Ante estas circunstancias, las administraciones están poniendo en marcha, o al menos estudiando, la restricción de circulación de los motores más contaminantes o la aplicación de impuestos “verdes” con el objeto de limitar el uso de estos vehículos.

 

¿Es momento de cambiar a gasolina si remolcas con ese vehículo?

De momento, y a pesar de la mala prensa sobre el diésel, sigue siendo la tendencia, no sólo para remolcar, en las compras de turismos en general. Aunque las distancias se van a cortando, las ventas de diésel en España en 2016 supusieron un 57%, frente a un 43 de motores gasolina.

Como ya indicábamos al inicio, los motores diésel son más óptimos para remolcar que los de gasolina, dado que, habitualmente, tienen un mayor par motor a menos revoluciones. Este par más óptimo supone que el coche diésel remolque de un peso extra tan importante como una caravana llevando el motor más bajo de vueltas y evitando tener que hacer más cambios de marcha, lo que facilita la conducción y la vida del motor.

En los últimos años, muchos fabricantes de automóviles han recurrido a motores turboalimentados de gasolina de pequeña cilindrada, que consiguen más par, a revoluciones realmente baja, además de ser más eficientes en consumo que los motores más grandes. Con éstas características, estos motores resultan realmente adecuados para remolcar.

A pesar de ello, si comparamos, por ejemplo, los motores de 130CV del Renault Kadjar, veremos que el motor de gasolina 1,2 litros, que necesita llegar a las 5.500 rpm, alcanza su par máximo de 205Nm a 2.000 rmp. Sin embargo el motor diésel de la misma gama, que desarrolla los mismos 130CV con un motor de 1,6 litros, pero a 1.750 rpm, su par máximo es de 320Nm a 1.750 rpm.
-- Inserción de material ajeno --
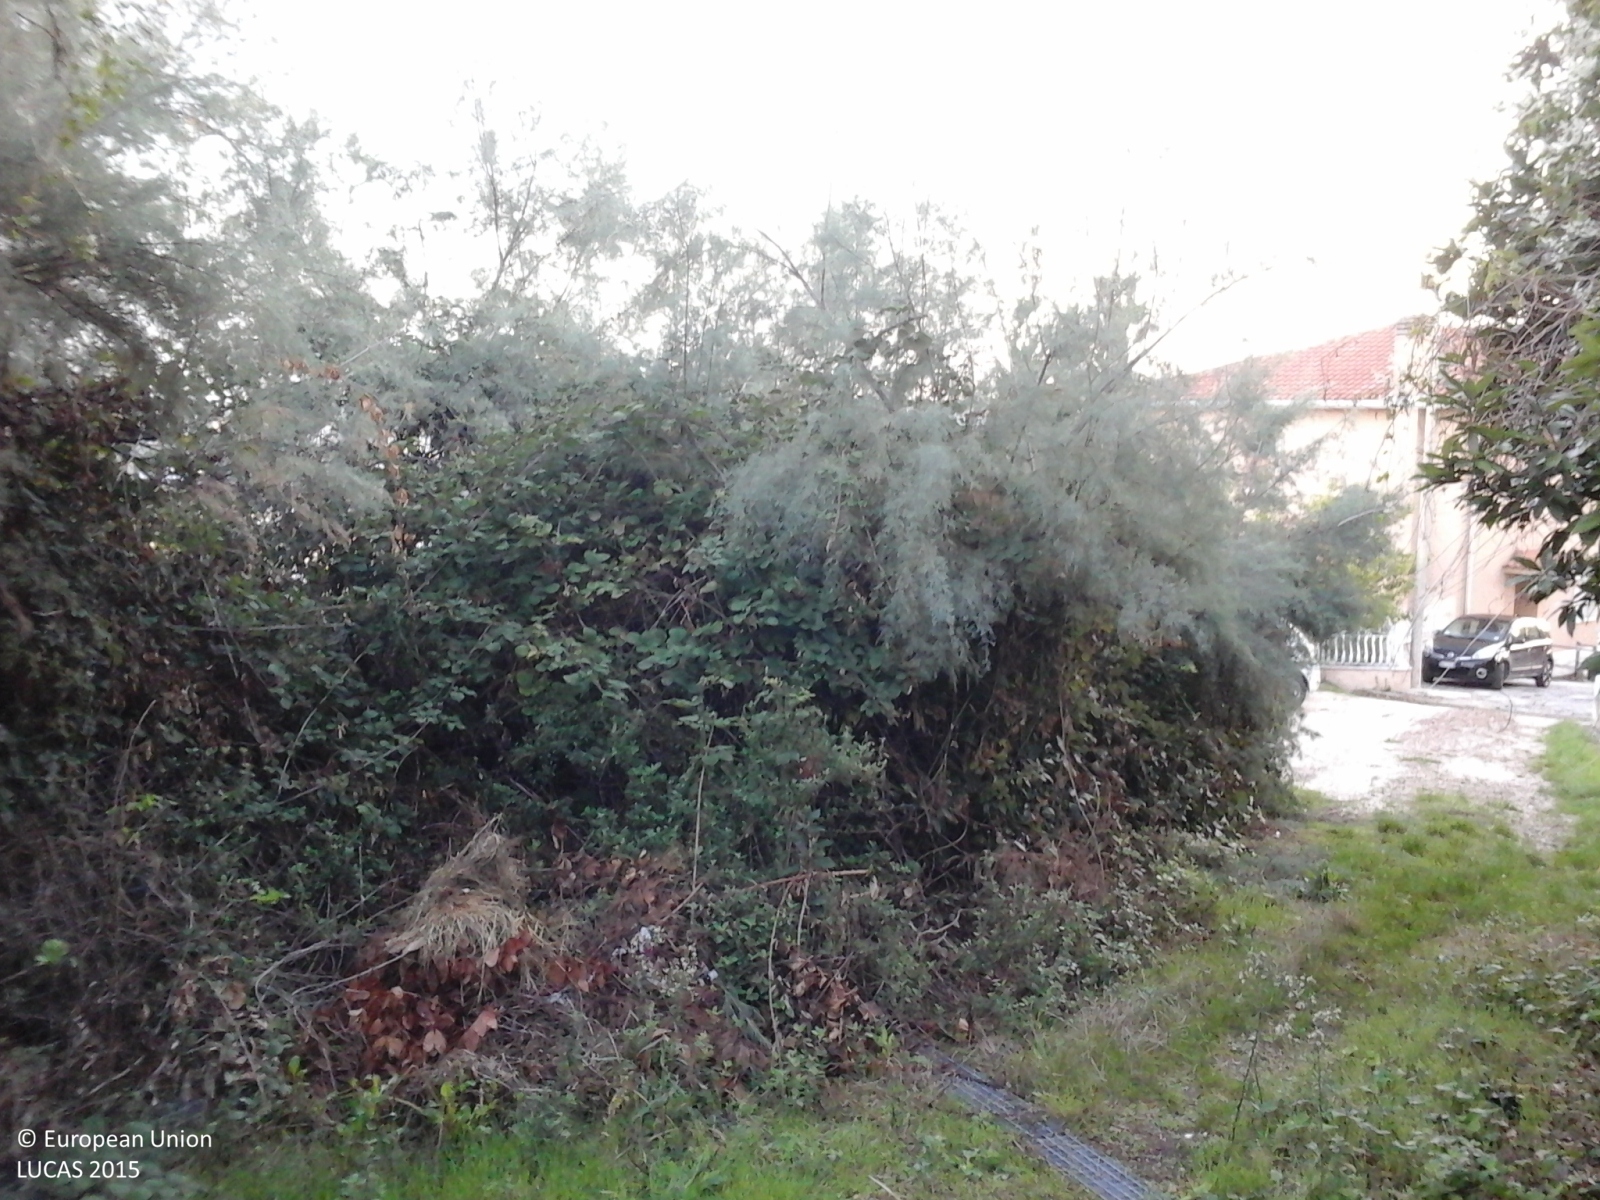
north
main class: Woodland
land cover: Broadleaved woodland
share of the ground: > 75 %
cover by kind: broadleaved forest trees 100 %
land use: Residential
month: October
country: IT
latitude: 43.6055
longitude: 13.4979

Si además de conseguir un par mayor mucho mayor en el motor diésel, comparamos los consumos que en el motor gasolina es de 5,6 l/100Km en ciclo mixto, frente a los 4,3 l/100Km del diésel, claramente se inclina la balanza sobre la opción de gasóleo.
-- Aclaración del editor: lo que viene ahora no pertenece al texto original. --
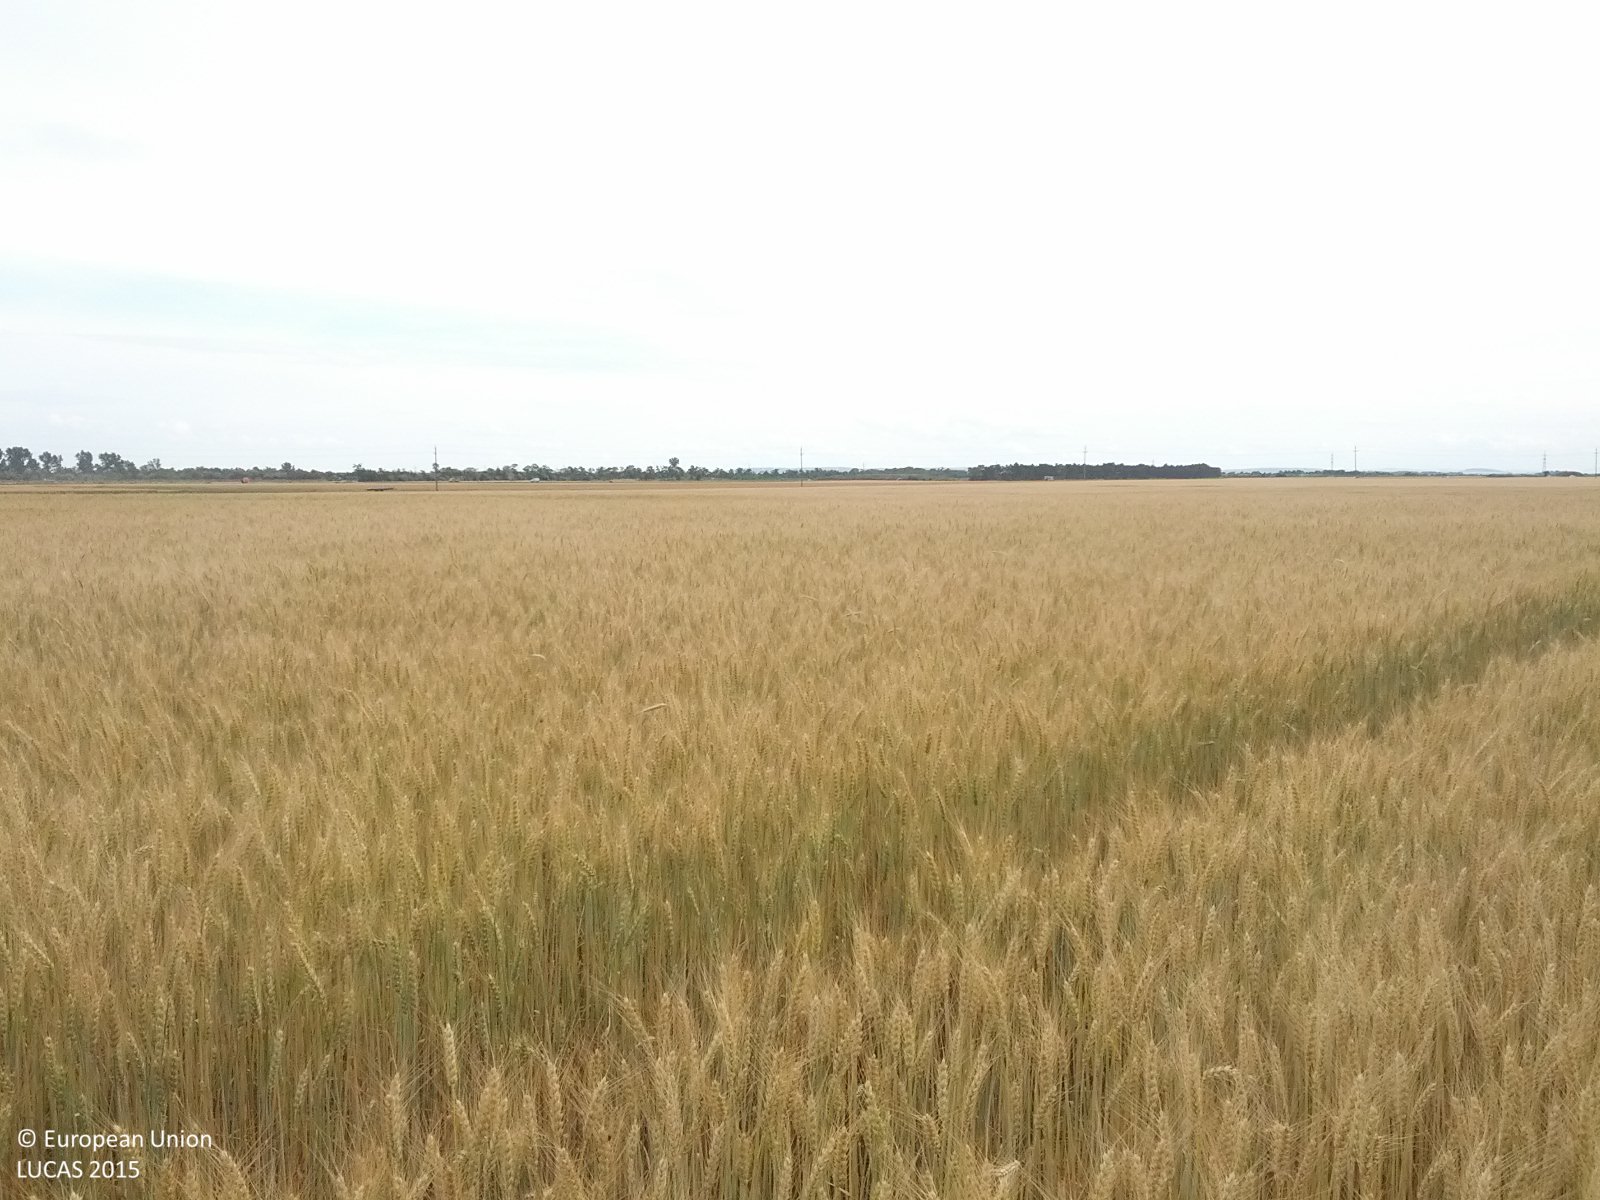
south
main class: Cropland
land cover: Common wheat
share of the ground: > 75 %
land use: Agriculture (excluding fallow land and kitchen gardens)
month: June
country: AT
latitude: 48.2673
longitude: 16.7832

Este mismo ejemplo puede hacerse con otras marcas y modelos, y prácticamente en todos los casos, con más o menos diferencia, se llegará a la misma conclusión: los coches de gasolina de hoy en día pueden ser más adecuados para el remolque que sus predecesores, pero los diésel siguen siendo mejores coches para el remolque.

Teniendo en cuenta que los consumos remolcando una caravana de unos 1.300 Kg, puede suponer un 50% más de consumo, un mejor par, y un consumo más bajo confirma escoger la opción diésel.

Pero como no todo es eso, tenemos que valorar el tema de las emisiones de las que hemos hablado antes, la diferencia de precios de los vehículos diésel y gasolina, y los impuestos y restricciones que existen y se anuncian en la guerra contra los diésel. Si vamos a comprar un coche para el uso diario y un desplazamiento con caravana de 500 km al año, seguramente no nos compense invertir en un diésel, ya que el gasolina será más barato y limpio.

Tras todas estas reflexiones, la conclusión es valorar todos los factores y el uso que se va a hacer en cada caso y tomar la decisión más adecuada, y escoger los factores económicos, ecológicos y de tracción.